Favorito nas urnas em novembro, o candidato democrata pretende ser o oposto de Trump em tudo
Em pouco mais de dois meses, quando os americanos forem às urnas, o mundo poderá ser outro. É essa a promessa de Joe Biden, sagrado candidato pelo Partido Democrata à Presidência dos Estados Unidos. Seu recado ao eleitorado na convenção partidária foi cristalino: “Se vocês me confiarem a presidência, tirarei o melhor de nós, não o pior. Serei um aliado da luz, não das trevas”. No plano das palavras e das ideias, ele não poderia ter sido mais eloquente. No plano da realidade, para desfazer o retrocesso da gestão Donald Trump, Biden precisa primeiro vencer — e isso não está garantido. Mas é favorito, sobretudo porque reuniu uma coalizão eclética em torno de um objetivo comum: tirar Trump da Casa Branca.
Nas primárias, Biden chegou a ser dado como derrotado, mas, depois de demonstrar força com o eleitorado negro na Carolina do Sul, ressurgiu como candidato de consenso. Obteve apoio de todas as correntes no partido — do socialista Bernie Sanders ao capitalista Michael Bloomberg. Na convenção, o sentimento anti-Trump trouxe para baixo de sua tenda uma legião de republicanos insatisfeitos. Tal sentimento só cresceu com a pandemia e o movimento antirracista. Para todos aqueles que se reuniram em torno dele, Biden promete, na essência, ser o oposto de Trump em tudo.

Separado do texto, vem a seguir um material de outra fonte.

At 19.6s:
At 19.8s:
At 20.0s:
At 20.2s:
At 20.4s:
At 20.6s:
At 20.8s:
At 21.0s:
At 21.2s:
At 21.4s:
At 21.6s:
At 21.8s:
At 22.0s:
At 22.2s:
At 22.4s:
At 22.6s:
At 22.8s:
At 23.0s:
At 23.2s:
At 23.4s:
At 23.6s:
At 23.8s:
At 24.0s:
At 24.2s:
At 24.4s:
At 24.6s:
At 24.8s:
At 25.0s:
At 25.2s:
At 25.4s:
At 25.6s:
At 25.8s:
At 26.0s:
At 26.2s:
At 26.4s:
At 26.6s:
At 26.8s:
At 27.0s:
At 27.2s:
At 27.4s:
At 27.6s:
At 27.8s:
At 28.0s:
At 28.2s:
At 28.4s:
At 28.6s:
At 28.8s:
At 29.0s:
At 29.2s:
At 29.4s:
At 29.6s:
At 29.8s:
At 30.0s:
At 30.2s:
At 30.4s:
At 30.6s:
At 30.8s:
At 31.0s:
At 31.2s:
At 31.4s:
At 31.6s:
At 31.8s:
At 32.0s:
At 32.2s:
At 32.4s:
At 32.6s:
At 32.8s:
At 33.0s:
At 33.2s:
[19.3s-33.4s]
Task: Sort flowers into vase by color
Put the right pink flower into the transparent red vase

Ou quase. Difícil acreditar que, num eventual governo Biden, diminuam as tensões com a China na disputa pela tecnologia 5G. Mesmo assim, é concreta a perspectiva de distensão na guerra comercial (notícia que pode decepcionar o agronegócio brasileiro). Mais que isso, Biden traria ímpeto renovado à aliança atlântica, entre Estados Unidos e União Europeia, em detrimento da aproximação de Trump com autocratas da estirpe do russo Vladimir Putin. O impacto disso na geopolítica internacional seria gigantesco.
Iniciativas do governo Obama abandonadas, como o acordo nuclear com o Irã ou o tratado climático de Paris, ganhariam novo impulso. Até o novo coronavírus, que encontrou nos Estados Unidos seu habitat mais hospitaleiro, passaria a ter na Casa Branca um inimigo feroz, em vez de um aliado. Uma gestão Biden ameaçaria ainda o ideário nacional-populista no mundo todo, em particular no Brasil de Jair Bolsonaro — admirador e imitador de Trump.

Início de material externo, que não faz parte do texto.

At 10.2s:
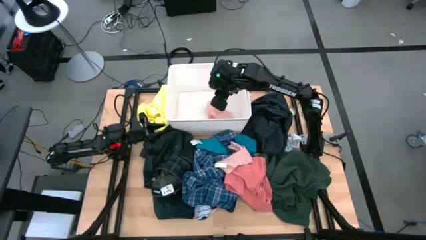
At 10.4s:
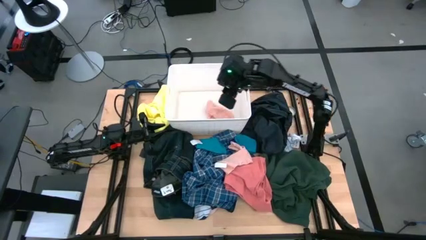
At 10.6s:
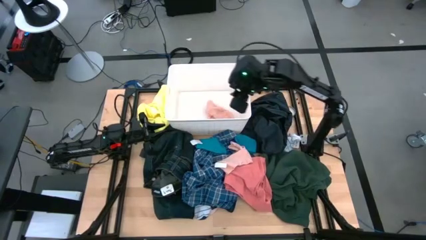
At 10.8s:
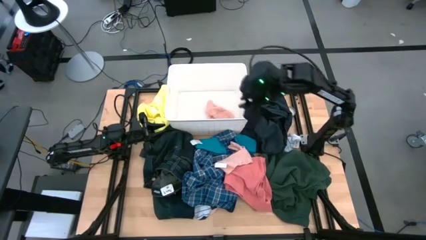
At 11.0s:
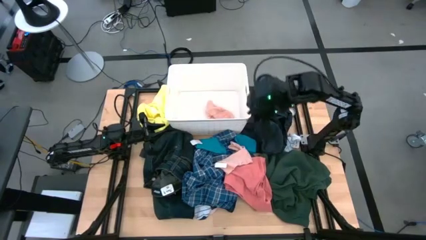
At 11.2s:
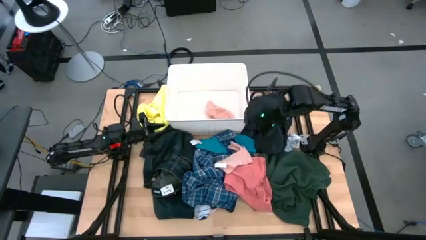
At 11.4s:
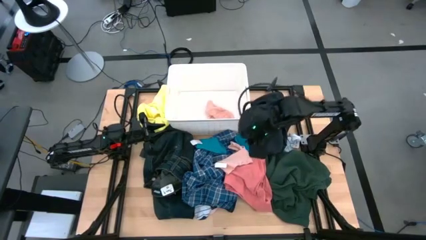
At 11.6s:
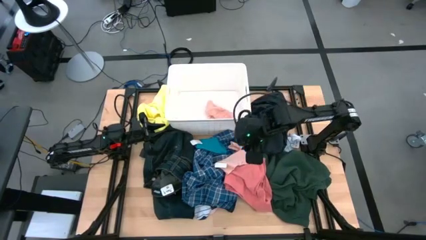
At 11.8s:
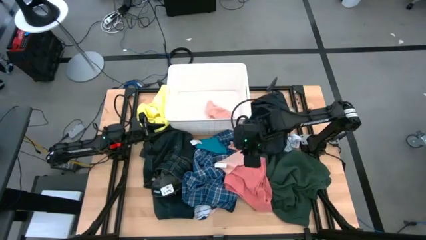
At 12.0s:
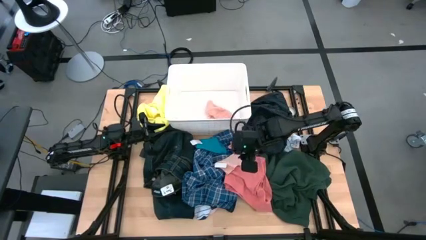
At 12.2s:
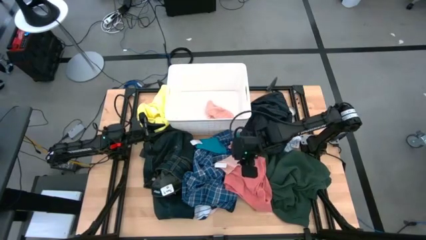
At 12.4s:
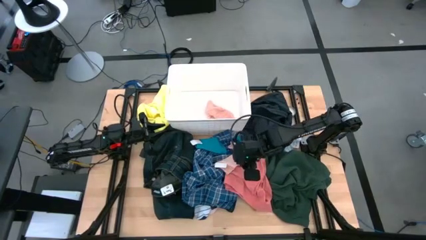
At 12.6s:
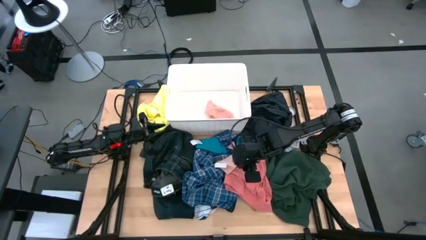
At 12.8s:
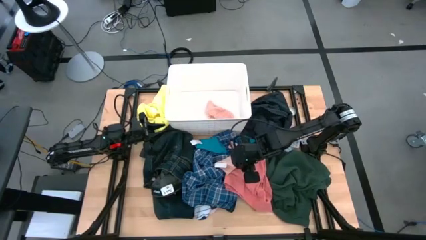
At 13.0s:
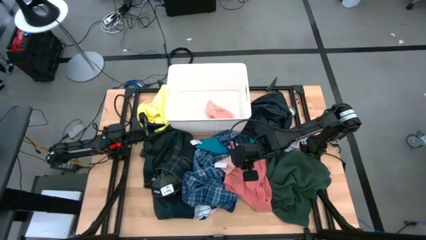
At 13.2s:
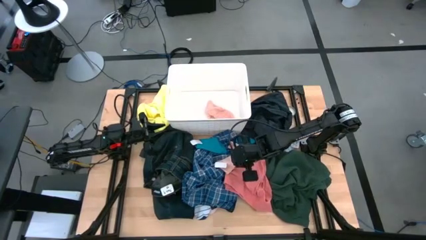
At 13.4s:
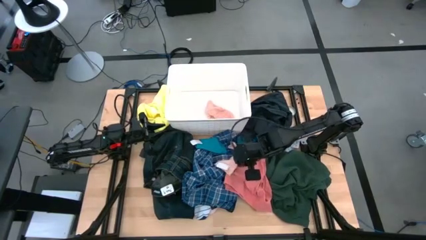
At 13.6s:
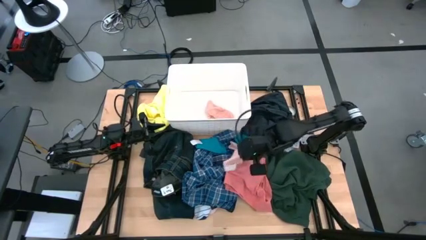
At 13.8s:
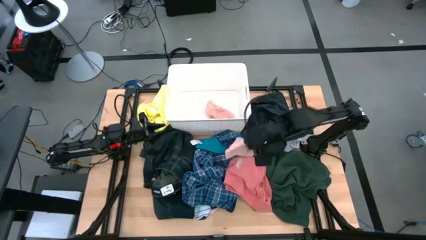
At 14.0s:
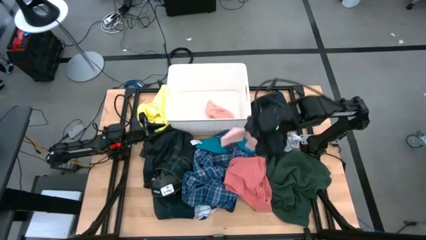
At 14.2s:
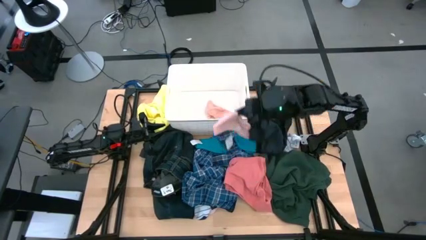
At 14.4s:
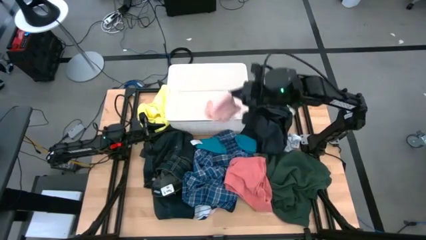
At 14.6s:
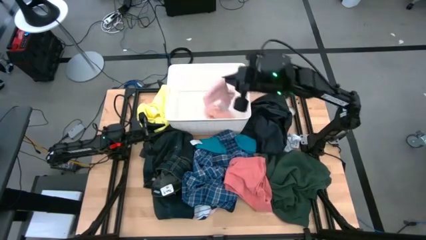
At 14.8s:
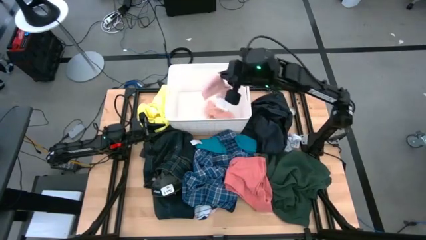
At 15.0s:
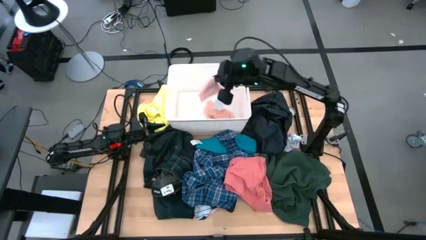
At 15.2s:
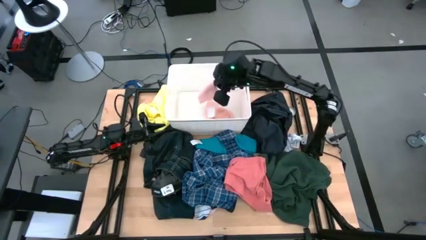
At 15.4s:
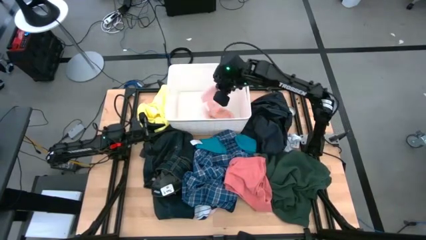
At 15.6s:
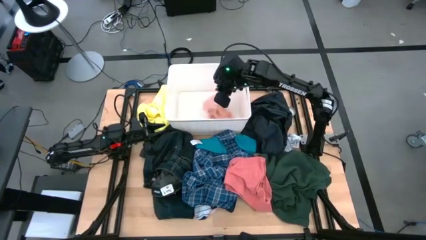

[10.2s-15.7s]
Task: Sort clothes
Put the pink sock into the laundry organizer

O aparelhamento ideológico do Itamaraty no governo Bolsonaro deixou nossa diplomacia manca para enfrentar uma eventual vitória democrata. De um lado, o Brasil procura alinhar quase todas as suas decisões aos interesses dos Estados Unidos. De outro, tornou-se crítico de tudo o que preconizam democratas como Biden. Como o país resolveria tal contradição ainda é uma incógnita.

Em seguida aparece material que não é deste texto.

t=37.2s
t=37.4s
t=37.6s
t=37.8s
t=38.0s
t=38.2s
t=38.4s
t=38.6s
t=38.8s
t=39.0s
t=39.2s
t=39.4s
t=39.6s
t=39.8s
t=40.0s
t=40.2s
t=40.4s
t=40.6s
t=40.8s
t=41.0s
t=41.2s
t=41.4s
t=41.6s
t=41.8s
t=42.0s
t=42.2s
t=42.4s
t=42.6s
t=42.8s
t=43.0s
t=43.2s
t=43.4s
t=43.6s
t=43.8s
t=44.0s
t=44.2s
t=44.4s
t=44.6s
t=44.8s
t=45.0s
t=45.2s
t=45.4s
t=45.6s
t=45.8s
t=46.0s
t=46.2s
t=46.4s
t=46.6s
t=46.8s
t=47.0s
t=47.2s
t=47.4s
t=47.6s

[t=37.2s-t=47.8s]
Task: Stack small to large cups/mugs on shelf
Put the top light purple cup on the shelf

Seja como for, não parece haver adjetivo para qualificar o significado, para o planeta, de uma mudança na Casa Branca. Num ano que já trouxe uma pandemia global, incêndios na Amazônia, enchentes e deslizamentos no litoral, explosão no Líbano, nuvem de gafanhotos na Argentina, tornados e até neve no Sul do país, é natural desejar um outro mundo em 2021.